Martedì 27 Agosto: Ambositra - Antoetra - Ambositra

 

Stamattina partiamo carichi, ci aspetta la passeggiata per raggiungere Ifasina, uno dei villaggi della tribù degli Zafimaniri.

 

La strada per Antoetra è breve, ma il tragitto è quasi tutto su una pista pietosa e pietrosa... 2 ore per fare meno di 40 km!

 

Arriviamo davanti alla mairie di Antoetra e conosciamo il presidente della cooperativa delle guide, che ci presenta la guida per la nostra passeggiata, Hyacinte, uno zafimaniri piccolissimo e vecchissimo e tutti i ragazzi del villaggio che ci danno appuntamento per il ritorno, per visitare i loro laboratori di ebanisteria.

 

Hyacinte ci descrive la strada che percorreremo, circa 12 km... Noi siamo carichi ma allenati più o meno come una mozzarella di bufala e sentirci dire che non sono in piano, ma che ci sono 2 colline da scalare, pure ripide, da un colpo alla nostra determinazione (e al ginocchio che si è gonfiato da qualche giorno).

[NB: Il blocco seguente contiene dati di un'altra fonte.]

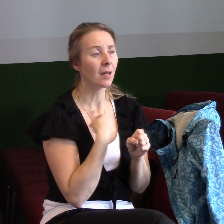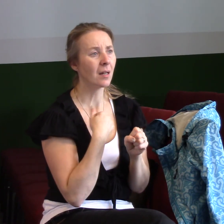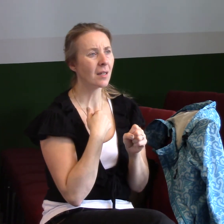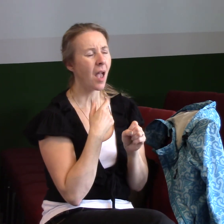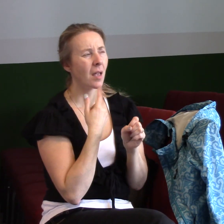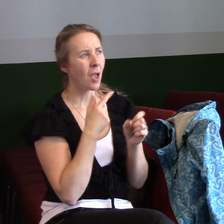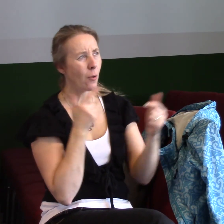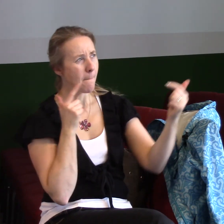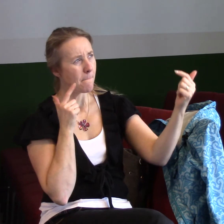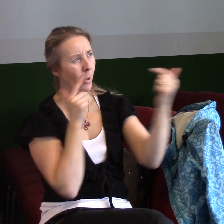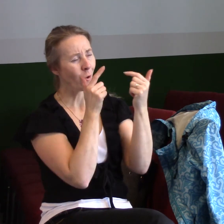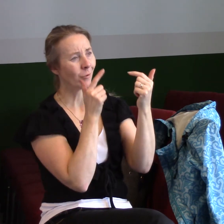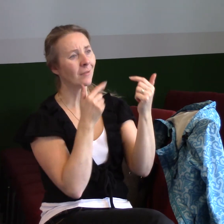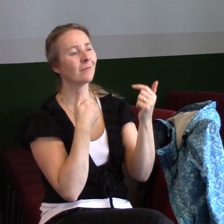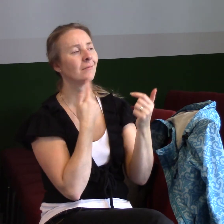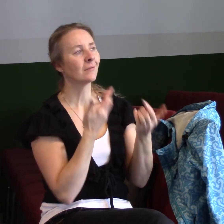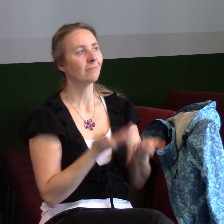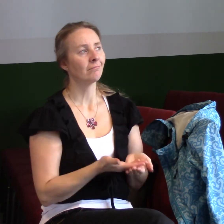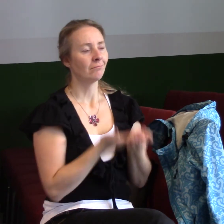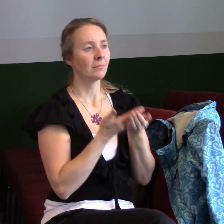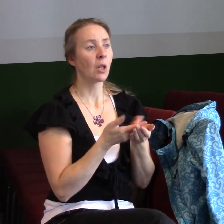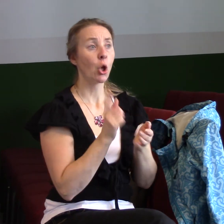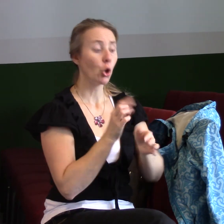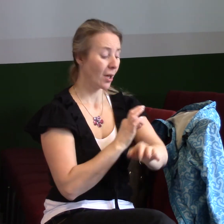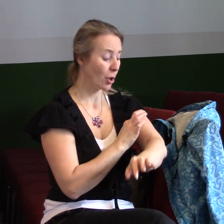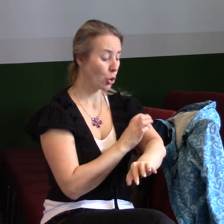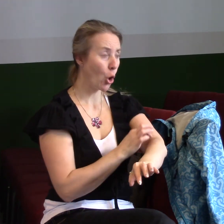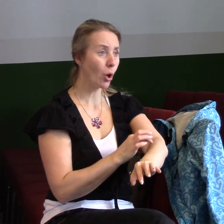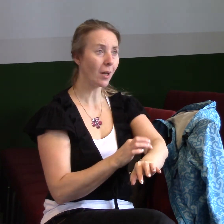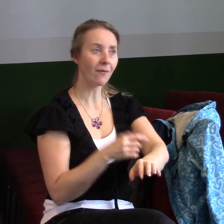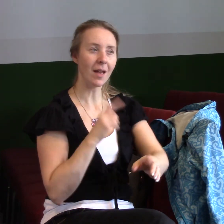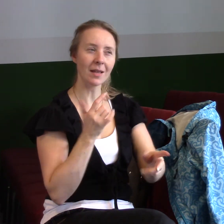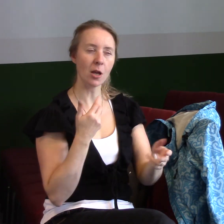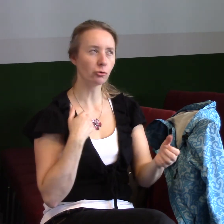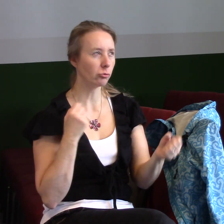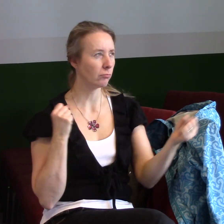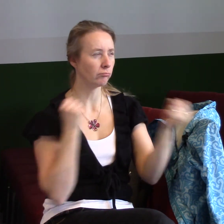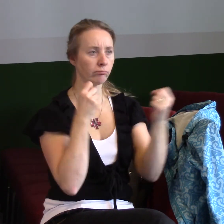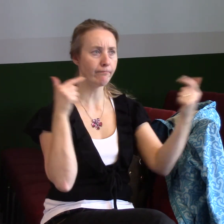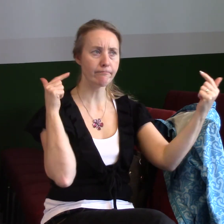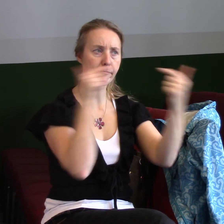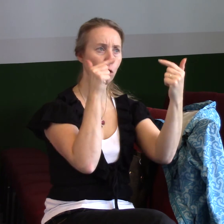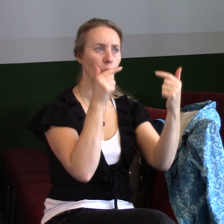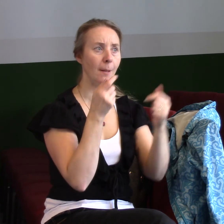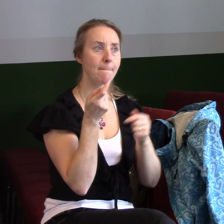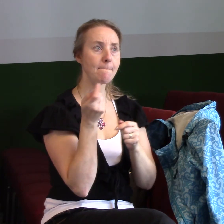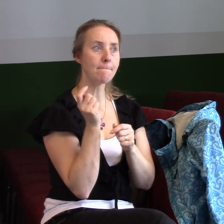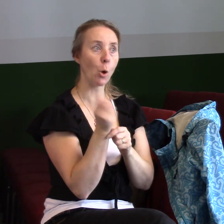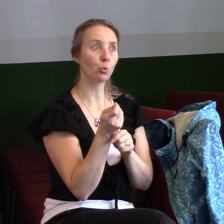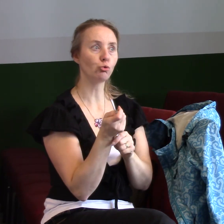Najednou místě říká boží slovo, ještě jste se do krve nevzepřeli pokušení a hříchu. Jako to by Bůh chtěl říct, je

Oltretutto c'è la festa per l'esumazione dei morti e partecipano tutti, visto che è praticamente l'occasione mondana del mese a Antoetra.

 

Vabbé, proviamo, magari arriviamo alla prima collina, dove c'è una "Stele dei morti" e poi decidiamo se proseguire.

 

Partiamo uscendo dal paese e puntando verso le colline...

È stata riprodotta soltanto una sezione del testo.